PolyClassic: Wild ist ein First-Person-Shooter, der klassische Retro-Shooter-Mechaniken mit Low-Poly-Grafik in einem Wild-West-Szenario verbindet. Das Ziel ist es, in einer kompakten Kampagne Wellen von Gegnern in direkten, schnellen Gefechten auszuschalten.
Gameplay
Im Zentrum steht das Vorrücken durch von feindlichen Cowboys besetzte Umgebungen. Die Bewegung setzt auf aggressives Positionieren, da die Gegner schnell aus mehreren Richtungen heranrücken. Im Kampf kommt es auf präzises Zielen und die richtige Waffenauswahl an, um unterschiedliche Bedrohungen effizient zu bewältigen.
Zur Verfügung stehen eine Pistole für normale Begegnungen, eine Schrotflinte für den Nahkampf, eine Doppellaufwaffe für stärkere Treffer, ein Minigun für anhaltendes Feuer, ein Hammer als Nahkampfwaffe und ein Laserkanone für spezielle Ziele. Jede Stufe beschränkt den Spieler auf eine bestimmte Waffe und zwingt ihn, sich an ihre Stärken und Schwächen anzupassen.

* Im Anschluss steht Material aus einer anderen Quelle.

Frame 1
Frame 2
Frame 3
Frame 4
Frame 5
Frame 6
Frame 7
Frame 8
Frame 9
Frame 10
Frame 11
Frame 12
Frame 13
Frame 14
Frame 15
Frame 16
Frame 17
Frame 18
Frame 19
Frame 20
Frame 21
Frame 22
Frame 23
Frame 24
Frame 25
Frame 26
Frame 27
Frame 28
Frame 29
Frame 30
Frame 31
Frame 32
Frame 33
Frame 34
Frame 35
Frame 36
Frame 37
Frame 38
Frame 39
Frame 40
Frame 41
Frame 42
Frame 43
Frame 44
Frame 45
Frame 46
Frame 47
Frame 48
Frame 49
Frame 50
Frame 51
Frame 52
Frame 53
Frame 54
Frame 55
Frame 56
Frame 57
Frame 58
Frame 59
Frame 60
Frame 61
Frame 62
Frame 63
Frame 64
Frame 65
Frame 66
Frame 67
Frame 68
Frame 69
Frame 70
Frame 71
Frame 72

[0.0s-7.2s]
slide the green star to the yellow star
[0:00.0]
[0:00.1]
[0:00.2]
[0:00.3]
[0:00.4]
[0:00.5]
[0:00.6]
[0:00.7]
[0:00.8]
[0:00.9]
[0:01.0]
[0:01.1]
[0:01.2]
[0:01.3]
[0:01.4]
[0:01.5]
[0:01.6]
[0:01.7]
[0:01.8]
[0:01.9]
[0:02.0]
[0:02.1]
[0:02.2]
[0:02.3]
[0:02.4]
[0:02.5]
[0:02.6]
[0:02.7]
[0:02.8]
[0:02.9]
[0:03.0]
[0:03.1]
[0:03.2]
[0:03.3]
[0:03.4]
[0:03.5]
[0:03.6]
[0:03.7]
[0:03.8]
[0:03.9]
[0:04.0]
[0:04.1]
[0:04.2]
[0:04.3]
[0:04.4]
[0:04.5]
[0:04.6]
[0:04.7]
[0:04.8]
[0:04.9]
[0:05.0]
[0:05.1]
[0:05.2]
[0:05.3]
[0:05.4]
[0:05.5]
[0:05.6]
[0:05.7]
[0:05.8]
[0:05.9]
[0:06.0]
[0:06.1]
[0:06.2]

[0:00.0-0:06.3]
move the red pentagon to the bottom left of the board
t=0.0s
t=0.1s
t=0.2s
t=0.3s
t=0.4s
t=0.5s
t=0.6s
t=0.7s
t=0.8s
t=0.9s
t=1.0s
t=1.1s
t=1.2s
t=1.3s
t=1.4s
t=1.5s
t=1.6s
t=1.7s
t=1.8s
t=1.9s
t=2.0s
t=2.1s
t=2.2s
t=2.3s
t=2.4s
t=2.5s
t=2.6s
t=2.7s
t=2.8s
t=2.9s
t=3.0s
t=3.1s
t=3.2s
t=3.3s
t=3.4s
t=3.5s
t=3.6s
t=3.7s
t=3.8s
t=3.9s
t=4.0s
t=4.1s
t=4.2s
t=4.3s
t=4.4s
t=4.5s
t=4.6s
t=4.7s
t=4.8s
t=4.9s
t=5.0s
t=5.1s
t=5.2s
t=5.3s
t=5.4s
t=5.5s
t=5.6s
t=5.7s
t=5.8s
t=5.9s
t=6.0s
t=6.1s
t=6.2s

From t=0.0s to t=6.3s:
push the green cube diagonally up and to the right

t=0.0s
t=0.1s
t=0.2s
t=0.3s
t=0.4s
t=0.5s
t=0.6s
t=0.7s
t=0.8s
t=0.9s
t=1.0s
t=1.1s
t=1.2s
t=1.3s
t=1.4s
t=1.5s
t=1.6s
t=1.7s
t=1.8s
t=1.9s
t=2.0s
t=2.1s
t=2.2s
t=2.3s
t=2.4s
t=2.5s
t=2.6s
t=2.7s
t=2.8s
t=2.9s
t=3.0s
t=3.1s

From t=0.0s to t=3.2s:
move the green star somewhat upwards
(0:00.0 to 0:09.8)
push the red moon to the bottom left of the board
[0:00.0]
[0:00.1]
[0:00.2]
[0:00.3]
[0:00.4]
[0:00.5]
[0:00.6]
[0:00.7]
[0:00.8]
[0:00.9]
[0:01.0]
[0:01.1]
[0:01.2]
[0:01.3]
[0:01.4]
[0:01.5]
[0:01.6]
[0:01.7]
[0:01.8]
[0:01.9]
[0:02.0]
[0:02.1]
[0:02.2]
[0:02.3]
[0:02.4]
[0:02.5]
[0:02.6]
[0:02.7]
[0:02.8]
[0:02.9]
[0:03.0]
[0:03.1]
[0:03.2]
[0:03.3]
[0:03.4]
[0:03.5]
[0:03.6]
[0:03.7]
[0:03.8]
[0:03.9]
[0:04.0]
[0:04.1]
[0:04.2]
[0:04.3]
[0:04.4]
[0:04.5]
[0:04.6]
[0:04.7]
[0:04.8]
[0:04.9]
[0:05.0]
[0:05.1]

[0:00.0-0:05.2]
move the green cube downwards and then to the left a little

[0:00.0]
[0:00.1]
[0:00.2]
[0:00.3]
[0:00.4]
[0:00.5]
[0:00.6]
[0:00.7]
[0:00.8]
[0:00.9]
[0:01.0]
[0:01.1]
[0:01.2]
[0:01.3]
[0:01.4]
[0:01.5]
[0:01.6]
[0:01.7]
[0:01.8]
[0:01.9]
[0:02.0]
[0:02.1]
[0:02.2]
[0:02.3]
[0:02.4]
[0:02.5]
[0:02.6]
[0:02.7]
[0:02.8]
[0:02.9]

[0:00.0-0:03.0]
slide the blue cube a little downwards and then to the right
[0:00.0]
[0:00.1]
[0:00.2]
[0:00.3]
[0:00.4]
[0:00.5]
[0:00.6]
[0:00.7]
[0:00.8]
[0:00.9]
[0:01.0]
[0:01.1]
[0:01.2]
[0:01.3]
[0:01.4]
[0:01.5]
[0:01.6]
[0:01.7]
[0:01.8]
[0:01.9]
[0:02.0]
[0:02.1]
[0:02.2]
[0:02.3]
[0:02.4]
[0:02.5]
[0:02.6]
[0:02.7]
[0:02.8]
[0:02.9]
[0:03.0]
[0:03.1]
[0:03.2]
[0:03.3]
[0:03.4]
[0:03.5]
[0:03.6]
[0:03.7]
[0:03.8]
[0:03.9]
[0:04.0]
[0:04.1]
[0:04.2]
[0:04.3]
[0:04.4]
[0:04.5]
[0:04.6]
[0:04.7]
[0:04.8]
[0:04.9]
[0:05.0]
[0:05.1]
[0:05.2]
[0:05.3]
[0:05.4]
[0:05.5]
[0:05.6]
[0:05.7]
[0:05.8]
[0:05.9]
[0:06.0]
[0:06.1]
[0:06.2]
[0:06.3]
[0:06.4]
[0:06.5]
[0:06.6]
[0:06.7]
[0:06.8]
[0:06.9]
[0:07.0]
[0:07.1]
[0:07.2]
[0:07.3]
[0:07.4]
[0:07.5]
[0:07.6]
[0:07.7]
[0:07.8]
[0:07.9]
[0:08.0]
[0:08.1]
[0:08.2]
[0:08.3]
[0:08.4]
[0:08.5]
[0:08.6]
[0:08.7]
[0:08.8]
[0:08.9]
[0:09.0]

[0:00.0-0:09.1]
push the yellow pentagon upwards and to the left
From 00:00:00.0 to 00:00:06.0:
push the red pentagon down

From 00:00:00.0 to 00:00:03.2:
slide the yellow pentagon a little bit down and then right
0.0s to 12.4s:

Die Gegner unterscheiden sich in ihrem Verhalten. Einige feuern aus der Distanz mit Schrotflinten, andere setzen Flammenwerfer ein, die ganze Bereiche sperren, und schnelle Typen greifen im Nahkampf an. Jede Gegnerart erfordert Aufmerksamkeit, da sich ihre Fähigkeiten überschneiden und Unachtsamkeit oder schlechte Deckung bestraft wird.
Die Level unterscheiden sich in Aufbau und Gegnerdichte, wobei die Schwierigkeit über die sechs Abschnitte hinweg steigt. Der Low-Poly-Stil legt den Fokus auf klare Silhouetten und einfache Navigation, während der Soundtrack die Intensität der Schießereien unterstreicht.
Spielmodi
PolyClassic: Wild bietet eine Einzelspieler-Kampagne mit sechs Levels, deren Schwierigkeit kontinuierlich zunimmt. Jede Stufe ist eine eigenständige Arena, deren Ziel stets gleich bleibt: alle Gegner mit der für dieses Level zugewiesenen Waffe zu eliminieren.
Darüber hinaus gibt es keine weiteren Modi oder Abweichungen. Die Struktur lädt dazu ein, einzelne Levels mehrfach zu spielen, um Routen und Timing gegen die gegnerischen Muster zu optimieren.
Grafik und Setting
Die Spielwelt präsentiert ein stilisiertes Wild-West-Thema, das komplett in Low-Poly-Geometrie umgesetzt ist. Wüstenlandschaften, Holzbauten und offene Sichtlinien prägen die Arenen und ermöglichen es, Gegner schon aus der Ferne zu erkennen.
Die Modelle von Spieler und Gegnern bleiben schlicht, aber gut unterscheidbar. Farbcodierung und Animationen heben Waffentypen und Bewegungsgeschwindigkeiten hervor, sodass auch in chaotischen Feuergefechten die Übersicht erhalten bleibt, ohne auf detaillierte Texturen angewiesen zu sein.
Lohnt es sich?
Die Bewertungen von PolyClassic: Wild fallen überwiegend positiv aus. Viele Spieler loben das unterhaltsame Retro-Shooter-Gefühl und das kompakte, fokussierte Design. Besonders die klare Progression und die durch Waffenbeschränkungen entstehende Abwechslung werden geschätzt, ohne dass das Spiel unnötig komplex wird.
Das Spiel richtet sich an Spieler, die kurze Runden klassischen First-Person-Shootings gegen Muster-Gegner in einem Low-Poly-Setting suchen. Wer längere Kampagnen oder Multiplayer-Elemente erwartet, wird durch den begrenzten Umfang auf sechs Levels eingeschränkt.
Dank der guten Zugänglichkeit auf dem PC und dem direkten Kampfgefühl eignet sich der Titel für Fans von Indie-Retro-Shootern, die eine unkomplizierte Alternative zu umfangreicheren Spielen suchen. Die Spielzeit bleibt kurz und entspricht dem Konzept eines konzentrierten Action-Erlebnisses.